When the material ends, stop; until then, set down every line exactly.

------------------------

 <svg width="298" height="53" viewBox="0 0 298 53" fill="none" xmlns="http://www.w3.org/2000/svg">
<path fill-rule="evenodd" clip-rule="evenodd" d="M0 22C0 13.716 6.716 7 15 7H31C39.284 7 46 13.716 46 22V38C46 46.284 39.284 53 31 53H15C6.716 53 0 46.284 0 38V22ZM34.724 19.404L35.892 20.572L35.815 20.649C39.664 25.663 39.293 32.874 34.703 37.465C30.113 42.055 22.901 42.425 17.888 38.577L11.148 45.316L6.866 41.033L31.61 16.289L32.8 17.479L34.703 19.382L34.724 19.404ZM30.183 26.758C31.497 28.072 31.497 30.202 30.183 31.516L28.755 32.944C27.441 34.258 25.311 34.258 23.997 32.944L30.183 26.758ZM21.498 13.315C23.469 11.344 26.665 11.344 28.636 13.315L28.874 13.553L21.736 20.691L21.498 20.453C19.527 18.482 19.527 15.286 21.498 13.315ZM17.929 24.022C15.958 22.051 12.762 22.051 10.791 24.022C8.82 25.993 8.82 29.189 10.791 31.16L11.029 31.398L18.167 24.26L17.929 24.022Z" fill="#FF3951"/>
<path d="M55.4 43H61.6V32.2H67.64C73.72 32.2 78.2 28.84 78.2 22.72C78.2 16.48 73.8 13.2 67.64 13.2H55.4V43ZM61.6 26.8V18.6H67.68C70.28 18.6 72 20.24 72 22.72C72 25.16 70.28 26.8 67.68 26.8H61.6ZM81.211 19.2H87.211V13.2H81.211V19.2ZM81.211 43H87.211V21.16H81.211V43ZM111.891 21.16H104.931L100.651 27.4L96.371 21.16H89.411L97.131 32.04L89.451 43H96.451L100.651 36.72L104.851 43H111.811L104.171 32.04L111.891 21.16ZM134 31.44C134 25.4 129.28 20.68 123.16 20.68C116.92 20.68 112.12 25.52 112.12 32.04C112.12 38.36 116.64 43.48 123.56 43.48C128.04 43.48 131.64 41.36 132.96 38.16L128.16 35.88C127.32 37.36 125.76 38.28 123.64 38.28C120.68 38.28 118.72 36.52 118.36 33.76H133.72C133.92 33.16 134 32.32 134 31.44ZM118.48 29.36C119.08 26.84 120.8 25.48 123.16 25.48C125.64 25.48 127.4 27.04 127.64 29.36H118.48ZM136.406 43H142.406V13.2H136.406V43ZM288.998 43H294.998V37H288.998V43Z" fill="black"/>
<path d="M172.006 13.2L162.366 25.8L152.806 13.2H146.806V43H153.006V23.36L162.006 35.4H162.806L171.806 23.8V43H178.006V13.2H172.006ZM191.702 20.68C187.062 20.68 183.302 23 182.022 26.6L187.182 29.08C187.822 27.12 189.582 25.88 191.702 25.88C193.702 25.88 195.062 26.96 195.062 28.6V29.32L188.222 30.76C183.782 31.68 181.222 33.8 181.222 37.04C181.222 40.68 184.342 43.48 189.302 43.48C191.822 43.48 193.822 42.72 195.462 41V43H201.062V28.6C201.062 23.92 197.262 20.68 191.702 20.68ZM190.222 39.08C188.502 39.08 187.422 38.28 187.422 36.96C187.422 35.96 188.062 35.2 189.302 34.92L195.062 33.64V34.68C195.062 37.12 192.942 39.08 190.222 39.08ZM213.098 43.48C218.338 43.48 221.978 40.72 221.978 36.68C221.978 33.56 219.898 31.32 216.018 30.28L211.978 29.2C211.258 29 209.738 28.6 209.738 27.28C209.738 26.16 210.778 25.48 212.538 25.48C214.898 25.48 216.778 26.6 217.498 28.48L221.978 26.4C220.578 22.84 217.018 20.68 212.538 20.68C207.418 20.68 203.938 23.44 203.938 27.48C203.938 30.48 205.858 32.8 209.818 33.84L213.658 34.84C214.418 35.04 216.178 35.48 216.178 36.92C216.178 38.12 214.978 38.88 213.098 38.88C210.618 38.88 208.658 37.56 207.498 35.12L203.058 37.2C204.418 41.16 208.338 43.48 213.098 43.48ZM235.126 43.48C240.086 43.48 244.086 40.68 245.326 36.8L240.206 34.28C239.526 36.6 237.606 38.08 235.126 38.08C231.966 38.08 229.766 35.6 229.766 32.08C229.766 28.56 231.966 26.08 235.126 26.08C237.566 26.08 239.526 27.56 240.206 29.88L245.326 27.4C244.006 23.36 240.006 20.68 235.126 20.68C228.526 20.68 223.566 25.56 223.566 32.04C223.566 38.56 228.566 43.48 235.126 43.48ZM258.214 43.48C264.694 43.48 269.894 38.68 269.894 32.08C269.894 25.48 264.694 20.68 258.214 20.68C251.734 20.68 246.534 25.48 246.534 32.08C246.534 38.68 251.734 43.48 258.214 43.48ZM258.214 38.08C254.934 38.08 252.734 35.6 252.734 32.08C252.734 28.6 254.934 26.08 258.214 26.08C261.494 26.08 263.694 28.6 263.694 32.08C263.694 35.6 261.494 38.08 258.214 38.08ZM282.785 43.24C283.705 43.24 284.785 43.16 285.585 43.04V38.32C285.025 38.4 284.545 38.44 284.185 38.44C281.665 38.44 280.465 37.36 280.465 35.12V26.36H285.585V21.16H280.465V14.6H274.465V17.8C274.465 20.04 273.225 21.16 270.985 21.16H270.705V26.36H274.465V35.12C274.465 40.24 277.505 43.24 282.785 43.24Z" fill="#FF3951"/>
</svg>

------------------------

**Answer to this problem:**
 <svg width="298" height="53" viewBox="0 0 298 53" fill="none" xmlns="http://www.w3.org/2000/svg">
<path fill-rule="evenodd" clip-rule="evenodd" d="M0 22C0 13.716 6.716 7 15 7H31C39.284 7 46 13.716 46 22V38C46 46.284 39.284 53 31 53H15C6.716 53 0 46.284 0 38V22ZM34.724 19.404L35.892 20.572L35.815 20.649C39.664 25.663 39.293 32.874 34.703 37.465C30.113 42.055 22.901 42.425 17.888 38.577L11.148 45.316L6.866 41.033L31.61 16.289L32.8 17.479L34.703 19.382L34.724 19.404ZM30.183 26.758C31.497 28.072 31.497 30.202 30.183 31.516L28.755 32.944C27.441 34.258 25.311 34.258 23.997 32.944L30.183 26.758ZM21.498 13.315C23.469 11.344 26.665 11.344 28.636 13.315L28.874 13.553L21.736 20.691L21.498 20.453C19.527 18.482 19.527 15.286 21.498 13.315ZM17.929 24.022C15.958 22.051 12.762 22.051 10.791 24.022C8.82 25.993 8.82 29.189 10.791 31.16L11.029 31.398L18.167 24.26L17.929 24.022Z" fill="#FF3951"/>
<path d="M55.4 43H61.6V32.2H67.64C73.72 32.2 78.2 28.84 78.2 22.72C78.2 16.48 73.8 13.2 67.64 13.2H55.4V43ZM61.6 26.8V18.6H67.68C70.28 18.6 72 20.24 72 22.72C72 25.16 70.28 26.8 67.68 26.8H61.6ZM81.211 19.2H87.211V13.2H81.211V19.2ZM81.211 43H87.211V21.16H81.211V43ZM111.891 21.16H104.931L100.651 27.4L96.371 21.16H89.411L97.131 32.04L89.451 43H96.451L100.651 36.72L104.851 43H111.811L104.171 32.04L111.891 21.16ZM134 31.44C134 25.4 129.28 20.68 123.16 20.68C116.92 20.68 112.12 25.52 112.12 32.04C112.12 38.36 116.64 43.48 123.56 43.48C128.04 43.48 131.64 41.36 132.96 38.16L128.16 35.88C127.32 37.36 125.76 38.28 123.64 38.28C120.68 38.28 118.72 36.52 118.36 33.76H133.72C133.92 33.16 134 32.32 134 31.44ZM118.48 29.36C119.08 26.84 120.8 25.48 123.16 25.48C125.64 25.48 127.4 27.04 127.64 29.36H118.48ZM136.406 43H142.406V13.2H136.406V43ZM288.998 43H294.998V37H288.998V43Z" fill="black"/>
<path d="M172.006 13.2L162.366 25.8L152.806 13.2H146.806V43H153.006V23.36L162.006 35.4H162.806L171.806 23.8V43H178.006V13.2H172.006ZM191.702 20.68C187.062 20.68 183.302 23 182.022 26.6L187.182 29.08C187.822 27.12 189.582 25.88 191.702 25.88C193.702 25.88 195.062 26.96 195.062 28.6V29.32L188.222 30.76C183.782 31.68 181.222 33.8 181.222 37.04C181.222 40.68 184.342 43.48 189.302 43.48C191.822 43.48 193.822 42.72 195.462 41V43H201.062V28.6C201.062 23.92 197.262 20.68 191.702 20.68ZM190.222 39.08C188.502 39.08 187.422 38.28 187.422 36.96C187.422 35.96 188.062 35.2 189.302 34.92L195.062 33.64V34.68C195.062 37.12 192.942 39.08 190.222 39.08ZM213.098 43.48C218.338 43.48 221.978 40.72 221.978 36.68C221.978 33.56 219.898 31.32 216.018 30.28L211.978 29.2C211.258 29 209.738 28.6 209.738 27.28C209.738 26.16 210.778 25.48 212.538 25.48C214.898 25.48 216.778 26.6 217.498 28.48L221.978 26.4C220.578 22.84 217.018 20.68 212.538 20.68C207.418 20.68 203.938 23.44 203.938 27.48C203.938 30.48 205.858 32.8 209.818 33.84L213.658 34.84C214.418 35.04 216.178 35.48 216.178 36.92C216.178 38.12 214.978 38.88 213.098 38.88C210.618 38.88 208.658 37.56 207.498 35.12L203.058 37.2C204.418 41.16 208.338 43.48 213.098 43.48ZM235.126 43.48C240.086 43.48 244.086 40.68 245.326 36.8L240.206 34.28C239.526 36.6 237.606 38.08 235.126 38.08C231.966 38.08 229.766 35.6 229.766 32.08C229.766 28.56 231.966 26.08 235.126 26.08C237.566 26.08 239.526 27.56 240.206 29.88L245.326 27.4C244.006 23.36 240.006 20.68 235.126 20.68C228.526 20.68 223.566 25.56 223.566 32.04C223.566 38.56 228.566 43.48 235.126 43.48ZM258.214 43.48C264.694 43.48 269.894 38.68 269.894 32.08C269.894 25.48 264.694 20.68 258.214 20.68C251.734 20.68 246.534 25.48 246.534 32.08C246.534 38.68 251.734 43.48 258.214 43.48ZM258.214 38.08C254.934 38.08 252.734 35.6 252.734 32.08C252.734 28.6 254.934 26.08 258.214 26.08C261.494 26.08 263.694 28.6 263.694 32.08C263.694 35.6 261.494 38.08 258.214 38.08ZM282.785 43.24C283.705 43.24 284.785 43.16 285.585 43.04V38.32C285.025 38.4 284.545 38.44 284.185 38.44C281.665 38.44 280.465 37.36 280.465 35.12V26.36H285.585V21.16H280.465V14.6H274.465V17.8C274.465 20.04 273.225 21.16 270.985 21.16H270.705V26.36H274.465V35.12C274.465 40.24 277.505 43.24 282.785 43.24Z" fill="#FF3951"/>
</svg>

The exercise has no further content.